Next Generation Sequencing (NGS) is a technology used to detect genetic alterations in an individual such as mutations, insertions/deletions, rearrangements, amplifications, and expressions. The purpose of sequencing for clinical work is to help decide on treatment.
What is a Cardiomyopathy Panel?
A Cardiomyopathy Panel examines 66 genes associated with hereditary cardiomyopathies including hypertrophic cardiomyopathy (HCM), dilated cardiomyopathy (DCM), Left ventricular non-compaction cardiomyopathy (LVNC), and hereditary arrhythmogenic right ventricular cardiomyopathy (ARVC). Patients identified with a hereditary cardiomyopathy can benefit from increased surveillance and preventative steps to better manage their risks. Medical intervention can include lifestyle changes, medications, implantable devices, medical procedures, and surgery. A patient’s family members can be tested to help define their risk. If a pathogenic variant is identified in your patient, close relatives (children, siblings, parents) could have as high as a 50% risk to also be at increased risk. In some cases, screening should begin in childhood.

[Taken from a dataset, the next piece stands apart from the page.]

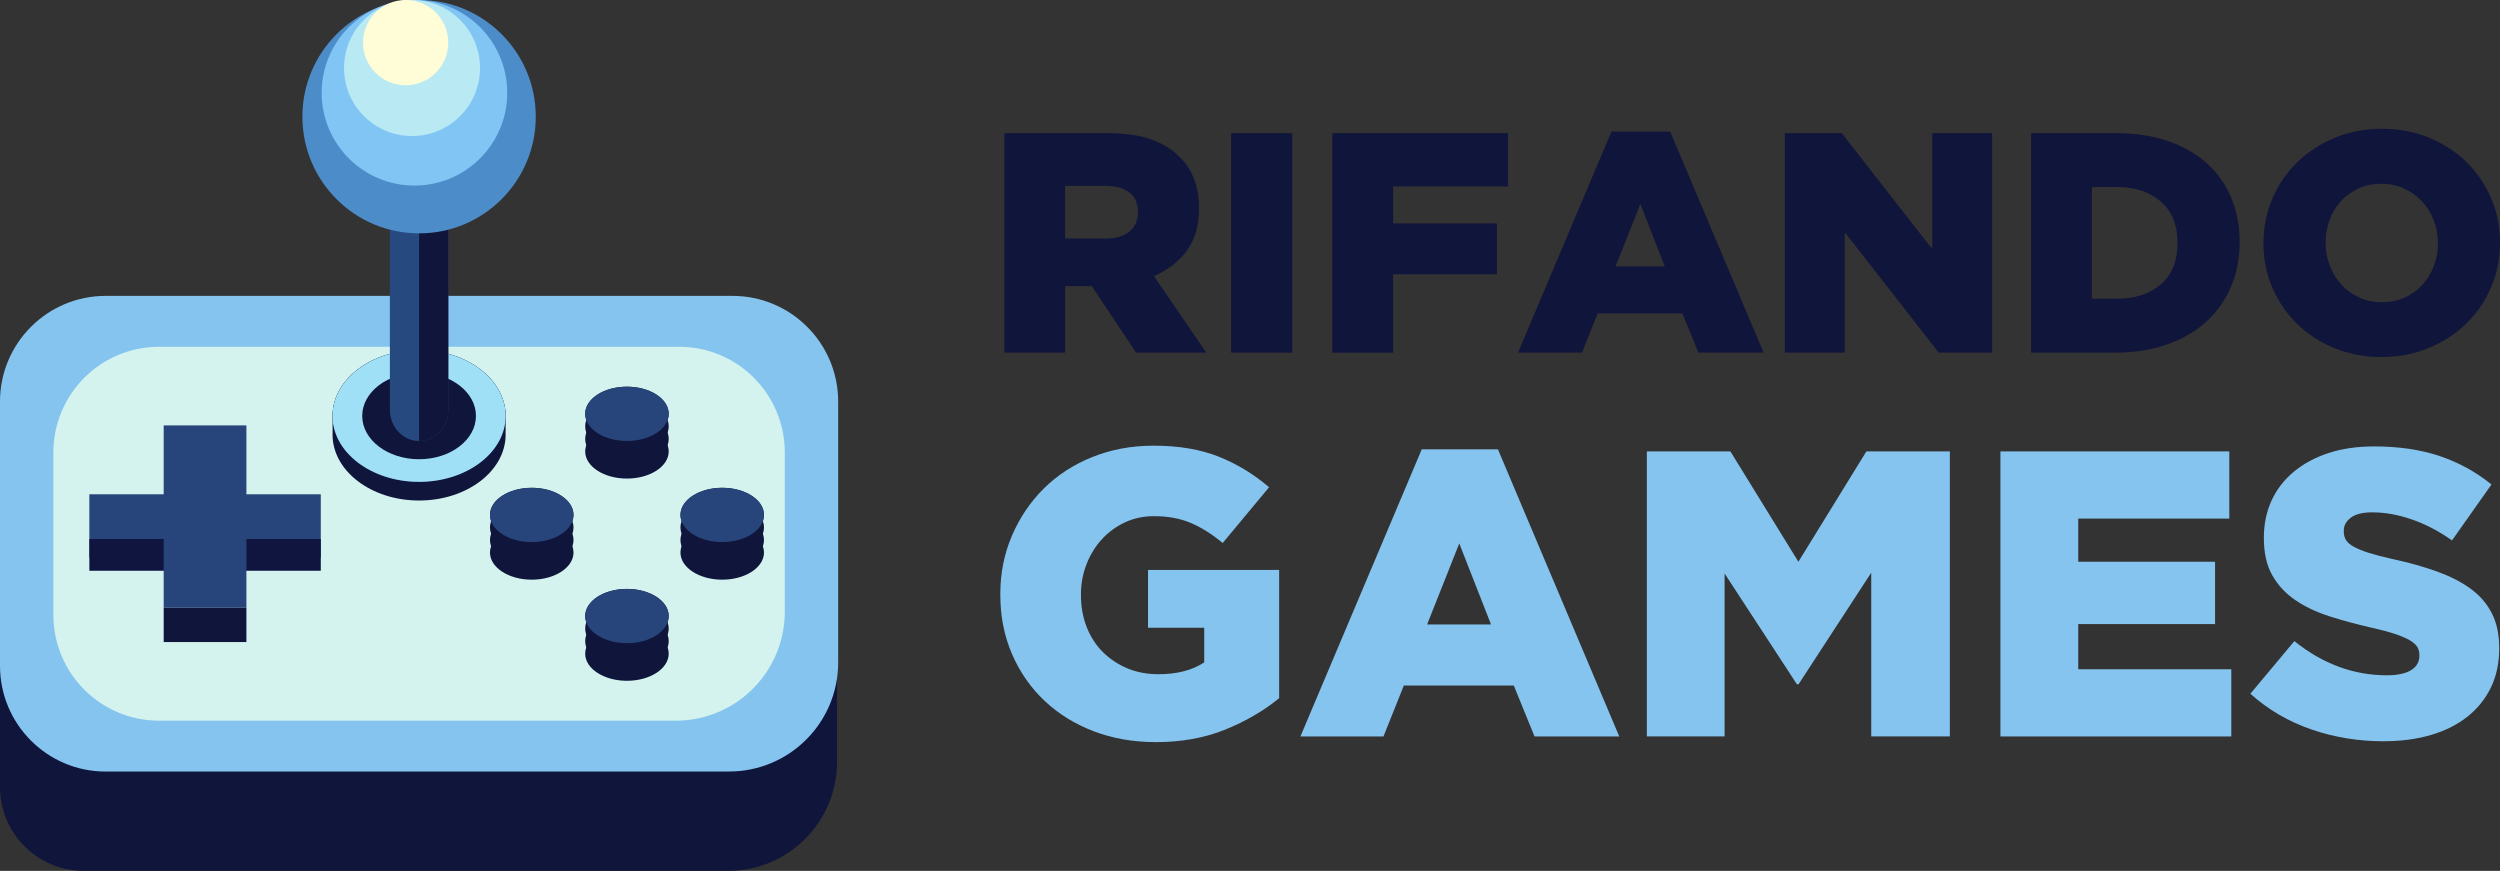 <svg xmlns="http://www.w3.org/2000/svg" viewBox="0 0 372.36 129.71"><rect x="0" y="0" width="372.36" height="129.71" fill="#333333" stroke="none"/><defs><style>.d{fill:#b9e9f3;}.e{fill:#9fe0f6;}.f{fill:#10153b;}.g{fill:#81c5f4;}.h{fill:#10153f;}.i{fill:#85c4ef;}.j{fill:#fffdd7;}.k{fill:#d4f3ee;}.l{fill:#26497f;}.m{fill:#27457b;}.n{fill:#4c8cc9;}</style></defs><g id="a"></g><g id="b"><g id="c"><g><g><path class="f" d="M12.48,61.56H112.19c6.89,0,12.48,5.59,12.48,12.48v39.45c0,8.95-7.27,16.22-16.22,16.22H12.48c-6.89,0-12.48-5.59-12.48-12.48v-43.19c0-6.89,5.59-12.48,12.48-12.48Z"></path><path class="i" d="M108.61,114.92H15.74c-8.69,0-15.74-7.05-15.74-15.74V59.81c0-8.69,7.05-15.74,15.74-15.74H109.1c8.69,0,15.74,7.05,15.74,15.74v38.87c0,8.96-7.27,16.23-16.23,16.23Z"></path><path class="k" d="M100.66,107.34H23.69c-8.69,0-15.74-7.05-15.74-15.74v-24.21c0-8.69,7.05-15.74,15.74-15.74H101.15c8.69,0,15.74,7.05,15.74,15.74v23.72c0,8.96-7.27,16.23-16.23,16.23Z"></path><g><g><g><ellipse class="f" cx="107.57" cy="76.69" rx="6.22" ry="4.04"></ellipse><ellipse class="f" cx="79.2" cy="76.69" rx="6.22" ry="4.04"></ellipse></g><g><ellipse class="f" cx="93.38" cy="91.75" rx="6.22" ry="4.04"></ellipse><ellipse class="f" cx="93.38" cy="61.63" rx="6.22" ry="4.04"></ellipse></g></g><g><g><ellipse class="f" cx="107.57" cy="78.56" rx="6.22" ry="4.04"></ellipse><ellipse class="f" cx="79.2" cy="78.56" rx="6.22" ry="4.04"></ellipse></g><g><ellipse class="f" cx="93.38" cy="93.62" rx="6.22" ry="4.04"></ellipse><ellipse class="f" cx="93.38" cy="63.5" rx="6.22" ry="4.04"></ellipse></g></g><g><g><ellipse class="f" cx="107.57" cy="80.43" rx="6.22" ry="4.04"></ellipse><ellipse class="f" cx="79.2" cy="80.43" rx="6.22" ry="4.04"></ellipse></g><g><ellipse class="f" cx="93.38" cy="95.49" rx="6.22" ry="4.04"></ellipse><ellipse class="f" cx="93.38" cy="65.37" rx="6.22" ry="4.04"></ellipse></g></g><g><g><ellipse class="f" cx="107.57" cy="82.3" rx="6.22" ry="4.04"></ellipse><ellipse class="f" cx="79.2" cy="82.3" rx="6.22" ry="4.04"></ellipse></g><g><ellipse class="f" cx="93.38" cy="97.36" rx="6.22" ry="4.04"></ellipse><ellipse class="f" cx="93.38" cy="67.24" rx="6.22" ry="4.04"></ellipse></g></g></g><g><rect class="m" x="25.81" y="61.11" width="9.46" height="34.47" transform="translate(108.89 47.81) rotate(90)"></rect><rect class="h" x="13.31" y="80.28" width="34.47" height="4.73"></rect><rect class="f" x="24.38" y="90.48" width="12.32" height="5.15"></rect><rect class="m" x="24.38" y="63.36" width="12.32" height="27.13"></rect></g><g><g><ellipse class="m" cx="107.57" cy="76.7" rx="6.22" ry="4.04"></ellipse><ellipse class="m" cx="79.2" cy="76.7" rx="6.22" ry="4.04"></ellipse></g><g><ellipse class="m" cx="93.38" cy="91.76" rx="6.22" ry="4.04"></ellipse><ellipse class="m" cx="93.38" cy="61.64" rx="6.22" ry="4.04"></ellipse></g></g><g><g><ellipse class="f" cx="62.42" cy="61.95" rx="12.89" ry="9.82"></ellipse><ellipse class="f" cx="62.42" cy="63.34" rx="12.89" ry="9.82"></ellipse><ellipse class="f" cx="62.42" cy="64.73" rx="12.89" ry="9.82"></ellipse></g><ellipse class="m" cx="62.42" cy="61.95" rx="12.89" ry="9.82"></ellipse><ellipse class="e" cx="62.42" cy="61.95" rx="12.89" ry="9.82"></ellipse><ellipse class="f" cx="62.42" cy="61.95" rx="8.47" ry="6.45"></ellipse><g><path class="l" d="M66.77,33.98v27.03c0,2.58-1.95,4.68-4.35,4.68s-4.35-2.09-4.35-4.68v-27.03c0-2.58,1.95-4.68,4.35-4.68,1.2,0,2.29,.52,3.08,1.37,.79,.85,1.27,2.01,1.27,3.31Z"></path><path class="f" d="M66.77,33.98v27.03c0,2.58-1.95,4.68-4.35,4.68V29.3c1.2,0,2.29,.52,3.08,1.37,.79,.85,1.27,2.01,1.27,3.31Z"></path></g><g><circle class="n" cx="62.42" cy="17.38" r="17.38"></circle><circle class="g" cx="61.73" cy="13.82" r="13.82"></circle><circle class="d" cx="61.37" cy="10.13" r="10.13"></circle><circle class="j" cx="60.42" cy="6.35" r="6.35"></circle></g></g></g><g><g><path class="f" d="M149.58,19.83h15.46c2.52,0,4.65,.31,6.4,.93,1.74,.62,3.16,1.49,4.25,2.62,1.93,1.87,2.9,4.41,2.9,7.61v.09c0,2.52-.61,4.61-1.82,6.26-1.21,1.65-2.85,2.91-4.9,3.78l7.8,11.4h-10.46l-6.59-9.9h-3.97v9.9h-9.06V19.83Zm15.04,15.7c1.56,0,2.76-.35,3.6-1.05,.84-.7,1.26-1.64,1.26-2.83v-.09c0-1.31-.44-2.28-1.31-2.92-.87-.64-2.07-.96-3.6-.96h-5.93v7.85h5.98Z"></path><path class="f" d="M183.36,19.83h9.11V52.52h-9.11V19.83Z"></path><path class="f" d="M198.44,19.83h26.16v7.94h-17.1v5.51h15.46v7.57h-15.46v11.68h-9.06V19.83Z"></path><path class="f" d="M240.02,19.59h8.74l13.92,32.93h-9.72l-2.38-5.84h-12.61l-2.34,5.84h-9.53l13.92-32.93Zm7.94,20.09l-3.64-9.3-3.69,9.3h7.33Z"></path><path class="f" d="M265.85,19.83h8.47l13.48,17.28V19.83h8.92V52.52h-7.96l-14-17.94v17.94h-8.92V19.83Z"></path><path class="f" d="M302.52,19.83h12.61c2.93,0,5.54,.4,7.82,1.19,2.29,.79,4.22,1.91,5.79,3.34,1.57,1.43,2.77,3.14,3.6,5.12,.82,1.98,1.24,4.15,1.24,6.52v.09c0,2.37-.42,4.55-1.26,6.56-.84,2.01-2.05,3.75-3.64,5.21-1.59,1.46-3.54,2.61-5.86,3.43-2.32,.83-4.94,1.24-7.87,1.24h-12.43V19.83Zm12.77,24.66c2.72,0,4.91-.72,6.56-2.15,1.66-1.43,2.48-3.47,2.48-6.12v-.09c0-2.62-.83-4.65-2.48-6.1-1.66-1.45-3.84-2.17-6.56-2.17h-3.71v16.63h3.71Z"></path><path class="f" d="M354.7,53.18c-2.52,0-4.86-.44-7.01-1.33s-4-2.09-5.56-3.62c-1.56-1.53-2.78-3.32-3.67-5.37-.89-2.06-1.33-4.25-1.33-6.59v-.09c0-2.34,.44-4.54,1.33-6.61,.89-2.07,2.12-3.88,3.71-5.42,1.59-1.54,3.46-2.76,5.61-3.64,2.15-.89,4.48-1.33,7.01-1.33s4.86,.44,7.01,1.33c2.15,.89,4,2.1,5.56,3.62,1.56,1.53,2.78,3.32,3.67,5.37,.89,2.06,1.33,4.25,1.33,6.59v.09c0,2.34-.44,4.54-1.33,6.61-.89,2.07-2.12,3.88-3.71,5.42s-3.46,2.76-5.61,3.64-4.48,1.33-7.01,1.33Zm.07-8.17c1.25,0,2.39-.23,3.42-.7,1.03-.47,1.9-1.1,2.62-1.89,.72-.79,1.28-1.72,1.69-2.78,.41-1.06,.61-2.18,.61-3.36v-.09c0-1.18-.2-2.3-.61-3.36-.4-1.06-.98-1.99-1.73-2.8-.75-.81-1.64-1.46-2.67-1.94-1.03-.48-2.17-.72-3.42-.72s-2.38,.23-3.39,.7c-1.02,.47-1.89,1.1-2.62,1.89-.73,.79-1.3,1.72-1.69,2.78-.39,1.06-.59,2.18-.59,3.36v.09c0,1.18,.2,2.31,.61,3.36,.41,1.06,.97,1.99,1.71,2.8,.73,.81,1.62,1.46,2.65,1.94,1.03,.48,2.17,.72,3.42,.72Z"></path></g><g><path class="i" d="M172.1,110.53c-3.32,0-6.38-.54-9.19-1.61-2.81-1.07-5.25-2.58-7.31-4.52s-3.68-4.25-4.85-6.94c-1.17-2.69-1.76-5.65-1.76-8.88v-.12c0-3.07,.57-5.95,1.72-8.64,1.15-2.69,2.72-5.03,4.74-7.04,2.01-2,4.42-3.57,7.23-4.7,2.8-1.13,5.85-1.7,9.12-1.7,3.76,0,7,.55,9.73,1.64,2.73,1.09,5.22,2.61,7.49,4.55l-6.91,8.31c-1.54-1.29-3.1-2.28-4.7-2.97-1.6-.69-3.45-1.03-5.55-1.03-1.54,0-2.96,.3-4.28,.91-1.31,.61-2.46,1.44-3.43,2.49-.97,1.05-1.74,2.29-2.3,3.7s-.85,2.93-.85,4.55v.12c0,1.7,.28,3.27,.85,4.73,.57,1.46,1.37,2.7,2.4,3.73,1.04,1.03,2.25,1.84,3.65,2.43,1.4,.59,2.95,.88,4.65,.88,2.76,0,5.03-.59,6.81-1.76v-5.16h-8.37v-8.61h19.53v19.1c-2.27,1.86-4.93,3.42-8.01,4.67-3.07,1.25-6.55,1.88-10.43,1.88Z"></path><path class="i" d="M211.77,66.93h11.34l18.07,42.76h-12.62l-3.09-7.58h-16.38l-3.03,7.58h-12.37l18.07-42.76Zm10.31,26.08l-4.73-12.07-4.79,12.07h9.52Z"></path><path class="i" d="M245.3,67.23h12.43l10.13,16.44,10.13-16.44h12.43v42.45h-11.71v-24.38l-10.83,16.62h-.24l-10.77-16.5v24.26h-11.58v-42.45Z"></path><path class="i" d="M297.95,67.23h34.09v10.01h-22.5v6.43h20.38v9.28h-20.38v6.73h22.8v10.01h-34.39v-42.45Z"></path><path class="i" d="M355.08,110.41c-3.8,0-7.41-.59-10.83-1.77-3.42-1.18-6.44-2.95-9.07-5.31l6.55-7.84c4.24,3.4,8.83,5.09,13.77,5.09,1.58,0,2.78-.25,3.61-.76s1.24-1.22,1.24-2.15v-.12c0-.44-.1-.84-.3-1.18-.2-.34-.58-.68-1.12-1-.54-.32-1.27-.63-2.18-.94-.91-.3-2.09-.62-3.55-.94-2.27-.52-4.37-1.1-6.31-1.72-1.94-.63-3.63-1.43-5.06-2.42-1.44-.99-2.57-2.22-3.4-3.69-.83-1.47-1.24-3.3-1.24-5.48v-.12c0-1.98,.37-3.79,1.12-5.45s1.84-3.09,3.28-4.3c1.44-1.21,3.16-2.15,5.19-2.82,2.02-.67,4.31-1,6.85-1,3.64,0,6.88,.48,9.73,1.43,2.85,.96,5.43,2.37,7.73,4.24l-5.88,8.33c-1.94-1.37-3.93-2.42-5.97-3.12-2.04-.71-4.01-1.06-5.91-1.06-1.42,0-2.48,.26-3.18,.79-.71,.53-1.06,1.17-1.06,1.94v.12c0,.48,.11,.91,.33,1.27,.22,.36,.61,.7,1.15,1,.54,.3,1.29,.61,2.24,.91,.95,.3,2.15,.62,3.61,.94,2.43,.53,4.62,1.14,6.58,1.85,1.96,.71,3.63,1.56,5,2.57,1.38,1.01,2.43,2.23,3.15,3.66,.73,1.43,1.09,3.14,1.09,5.12v.12c0,2.18-.42,4.12-1.24,5.81-.83,1.7-1.99,3.14-3.49,4.33-1.5,1.19-3.3,2.1-5.4,2.72-2.1,.62-4.45,.94-7.04,.94Z"></path></g></g></g></g></g></svg>

Testing is done for patients with personal and/or family history suggestive of a hereditary cardiomyopathy. Warning signs for hereditary cardiomyopathies can include, but are not limited to, episodes of chest pain, dizziness, fatigue, abnormal heart rate, shortness of breath, swelling of the extremities, and weight gain. Cardiomyopathies can affect patients of all ages.
Familial Hypercholesterolemia Panel
What is Familial Hypercholesterolemia?
The Familial hypercholesterolemia (FH) panel examines 4 genes associated with FH: APOB, LDLR, LDLRAPl, and PCSK9. Patients identified with FH can benefit from increased surveillance and preventative steps to better manage their risk. Medical intervention can include combination medication therapy, low-fat diet, exercise, weight control and not smoking.
Testing is done for patients with a personal or family history suggestive of a Familial Hypercholesterolemia. Warning signs can include, but are not limited to, high cholesterol levels, very high levels of low-density lipoprotein, and cardiovascular disease.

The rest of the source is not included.